- Born: November 24, 1878 Rive-de-Gier, Loire, France
- Died: 1945 Saigon, French Indochina
- Occupation: Architect

= Louis Chauchon =

French architect (1878–1945)

Louis Chauchon (1878 – 1945) was a 20th-century French architect who had a significant architectural influence in French Indochina, designing several major landmarks, especially: the Central Market in Phnom Penh, which is still in use today, and the Cathedral of Phnom Penh, which did not survive the violence of the Indochina Wars.

==Early life==
Adolphe Louis Léon Chauchon was born in Rive-de-Gier in the French department of the Loire on November 24, 1878. He was the son of Jean Pierre Édouard Chauchon, a 25 year-old architect, and Marie Léonie Gory, who was 22 years old.

==Education in Paris==
Chauchon went to Paris to study architecture at the Beaux-Arts and was accepted in the atelier of French architect Émile Bénard in the 17th arrondissement of Paris on October 7, 1897. On November 3, 1903, he was admitted as a student of Gaston Redon, and with a scholarship offered by the City of Lyon, he obtained his first class degree on July 30, 1906. Chauchon graduated as a full-fledged architect on February 24, 1920, as part of the 112th promotion with a special project on a group of three residences for employees in Buenos-Aires.

In 1921, Chauchon started working as an architect in the 15th arrondissement of Paris, but shortly later, on June 14, applied for a job in Indochina with the Public Works Department for Civil Buildings, and was hired.

==Work in Indochina==
Chauchon started working as an architect in Cambodia in 1922. The first building he worked on was the National Library of Cambodia, which was inaugurated by the French colonial administration on 24 December 1924.

On 10 January 1925, Chauchon married Madeleine Bayol (full name Joséphine Marie Madeleine Bayol), a schoolteacher, in Phnom Penh. They were granted six months' leave, starting in May, to visit France (presumably this was a honeymoon). They had a daughter, Denise, who was born in 1926.

In 1935, Chauchon took an avant-garde modernist approach when he designed a legal office at 161 Nguyễn Du Street on the corner with Cách Mạng Tháng Tám Street in Saigon's District 1. The building was later used at the Canadian embassy until 1975, and it was until recently used by the immigration department of the city government.

Chauchon later designed the Clinique Saint-Paul, which was opened as a Catholic hospital in December 1938. This new hospital continued the work of the first private clinic of Saigon, which was founded by Dr.
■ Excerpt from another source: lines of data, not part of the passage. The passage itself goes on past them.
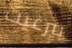
بيرغيت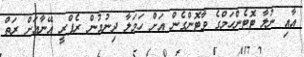
އާއި ނުލާ ޓޮޓެންހަމްގެ ވާޓޮންގެން އަށް ހަމަލާ ދިނުމުން ރެފްރީ އޭނާއަށް ރަތް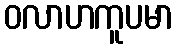
ဝလာဟကူပမာ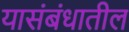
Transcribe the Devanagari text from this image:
यासंबंधातील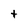
Character: t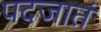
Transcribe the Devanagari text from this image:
पदजातं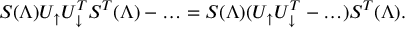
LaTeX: S ( \Lambda ) U _ { \uparrow } U _ { \downarrow } ^ { T } S ^ { T } ( \Lambda ) - \ldots = S ( \Lambda ) ( U _ { \uparrow } U _ { \downarrow } ^ { T } - \ldots ) S ^ { T } ( \Lambda ) .

Marie Angier de Loheac and the Sisters of Saint Paul of Chartres. The Clinique Saint-Paul is now the Ho Chi Minh City Eye Hospital, with the address 280 Điện Biên Phủ Street in District 3.

In 1937, after Jean Desbois designed the Phnom Penh Central Market project, Chauchon built Desbois's original design. Chauchon's success led to his being appointed Chief Architect of Civil Buildings in Saigon. Desbois returned to Saigon and continued to build private houses for the wealthy. In 1937, Chauchon was also chosen to be the architect of the new Cathedral of Phnom Penh, due to the wishes of Apostolic Vicar Jean Chabalier, and the support of Pope Pius XI.

==Death and legacy==
Chauchon died in 1945 in an aerial bombing of Saigon that occurred in the opening stages of the First Indochina War. Maurice Masson replaced him as architect of the Cathedral of Phnom Penh.

Chauchon left an important architectural legacy in Indochina. Though influenced by Beaux-Arts architecture, he nonetheless created several art deco landmarks in South Vietnam, like the Clinique Saint-Paul in Saigon: a "formidable art deco building with its horizontal lines emphasized and the wings of buildings ending at the street with giant curved forms". Along with Masson, Chauchon contributed to transforming the architectural style of residential housing in Indochina, and his work history shows that the locale bourgeoisie appreciated the new aesthetic.

The Phnom Penh Central Market is "the principal building" designed by French architects in Phnom Penh. Chauchon was the first to import the new modernist architectural style to Cambodia at a time when there were no Khmer architects. His architectural style shaped the development of Phnom Penh, and strongly influenced the first Khmer architect, Vann Molyvann, who integrated Chauchon's style into New Khmer Architecture.

==Awards and recognitions==
Chauchon was a member of the French Architects Association (Société des architectes diplômés par le gouvernement) from 1926 to 1945.

In March 1942, Chauchon, with Maurice Masson and Robert Gilles, came first in a competition to design architectural plans for a new university in Hanoi being planned called Cité universitaire (City University). Their design, titled "Le jardin symbolique" ("The Symbolic Garden"), won them a 3,000 piastre prize.